Descending tracts of the spinal cord

Receiving information from the ascending conduction system about the state of activity of the effector organs, the brain sends impulses (“instructions”) through descending conductors to the working organs, among which is the spinal cord, and plays a leading-executive role. This happens with the following systems(Fig. 4.15).

Cortinospinal or pyramidal tracts(ventral, lateral) pass through the medulla oblongata, where most intersect at the level of the pyramids, and are called pyramidal. They carry information from the motor centers of the motor cortex to the motor centers of the spinal cord, due to which voluntary movements are carried out. The ventral corticospinal tract runs in the anterior cords of the spinal cord, and the lateral tract runs in the lateral cords.

Rubrospinal tract- its fibers are axons of neurons of the red nucleus of the midbrain, cross and go as part of the lateral cords of the spinal cord and transmit information from the red nuclei to the lateral interneurons of the spinal cord.

Stimulation of the red nuclei leads to activation of flexor motor neurons and inhibition of extensor motor neurons.

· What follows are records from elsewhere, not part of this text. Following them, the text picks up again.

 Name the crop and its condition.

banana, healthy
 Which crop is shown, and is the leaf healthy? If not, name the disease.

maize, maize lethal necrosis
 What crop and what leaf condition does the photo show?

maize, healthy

Medial retinulospinal tract (pontoretiulospinal) starts from the pons nuclei, goes to the anterior funiculi of the spinal cord and transmits information to the ventromedial parts of the spinal cord. Stimulation of the pontine nuclei leads to the activation of motor neurons in both flexors and extensors, with a predominant effect on the activation of motor neurons in the extensors.

Lateral retinulospinal tract (medulore tinulospinal) starts from the reticular formation medulla oblongata, goes in the anterior funiculi of the spinal cord and transmits information to the interneurons of the spinal cord. Its stimulation causes a general inhibitory effect, mainly on motor neurons in the extensors.

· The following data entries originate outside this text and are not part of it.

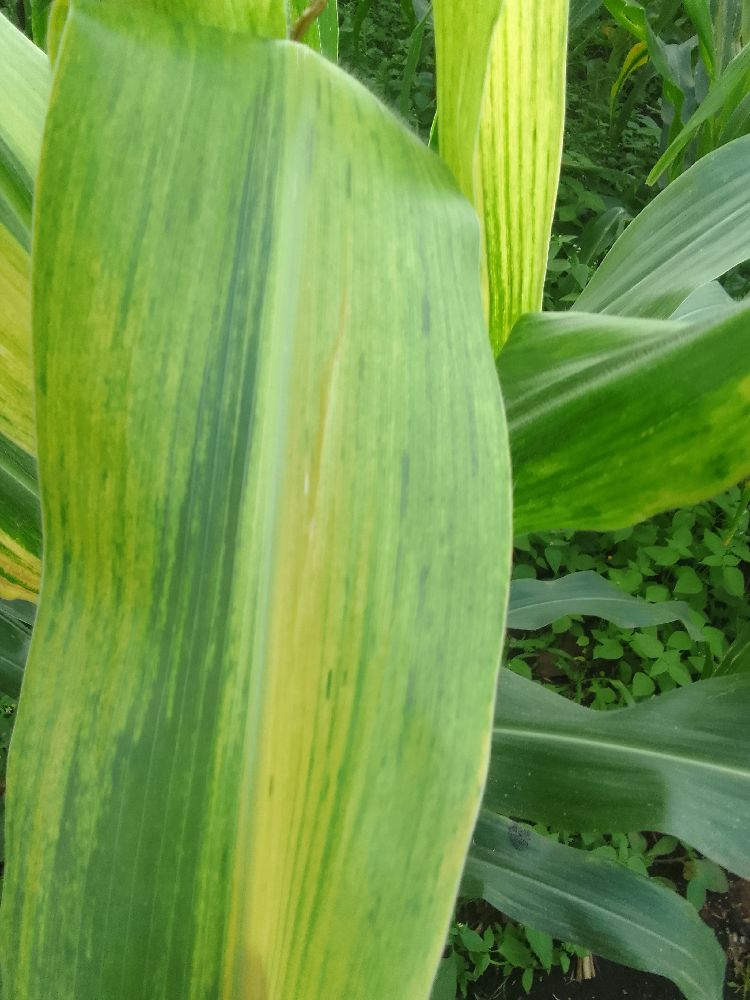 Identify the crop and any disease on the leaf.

maize, maize lethal necrosis
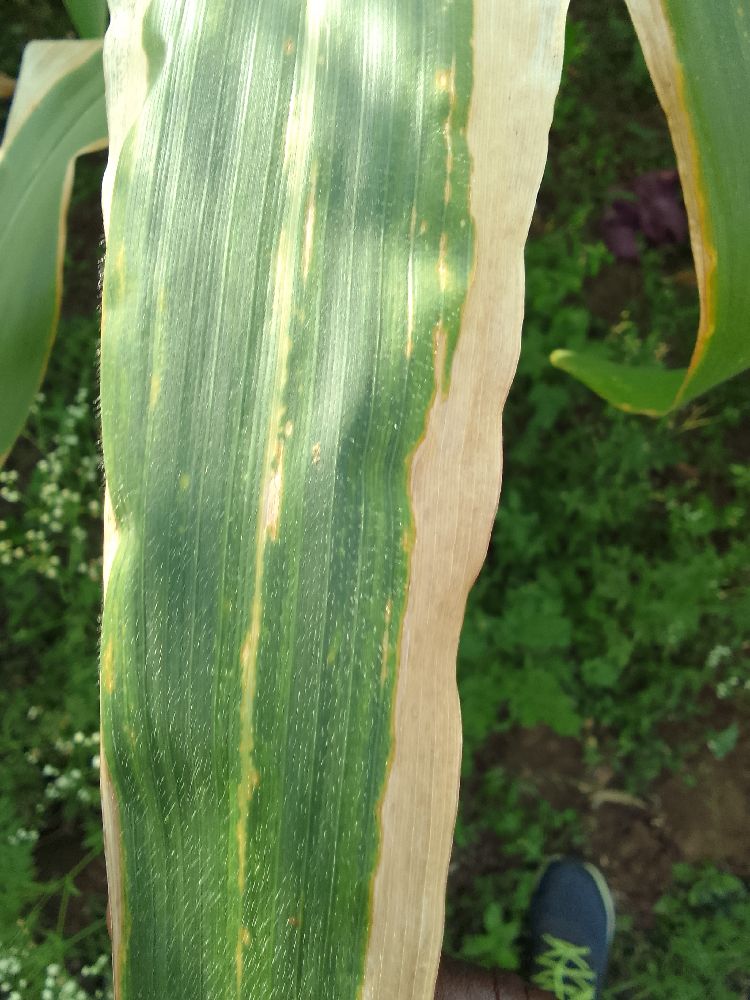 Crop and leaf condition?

maize, maize lethal necrosis
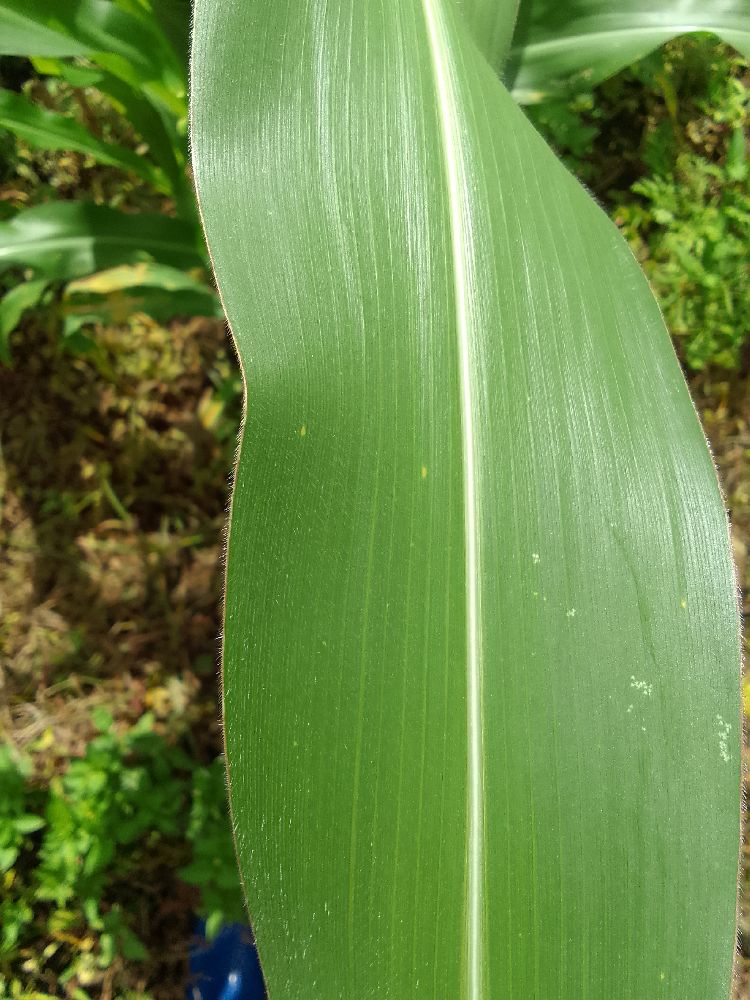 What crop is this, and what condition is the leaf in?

maize, healthy

Vestibulospinal tract starts from the Deiters nuclei, goes to the anterior funiculi of the spinal cord, transmits information to interneurons and motor neurons on the same side. Stimulation of Deiters' nuclei leads to activation of extensor motor neurons and inhibition of flexor motor neurons.

RICE. 4.15.

RICE. 4.16.

Tectospinal tract starts from the superior colliculus and quadrigeminal and transmits information to the motor neurons of the cervical spinal cord, providing regulation of the functions of the cervical muscles. The topography of the spinal cord pathways is shown in Fig. 4.16.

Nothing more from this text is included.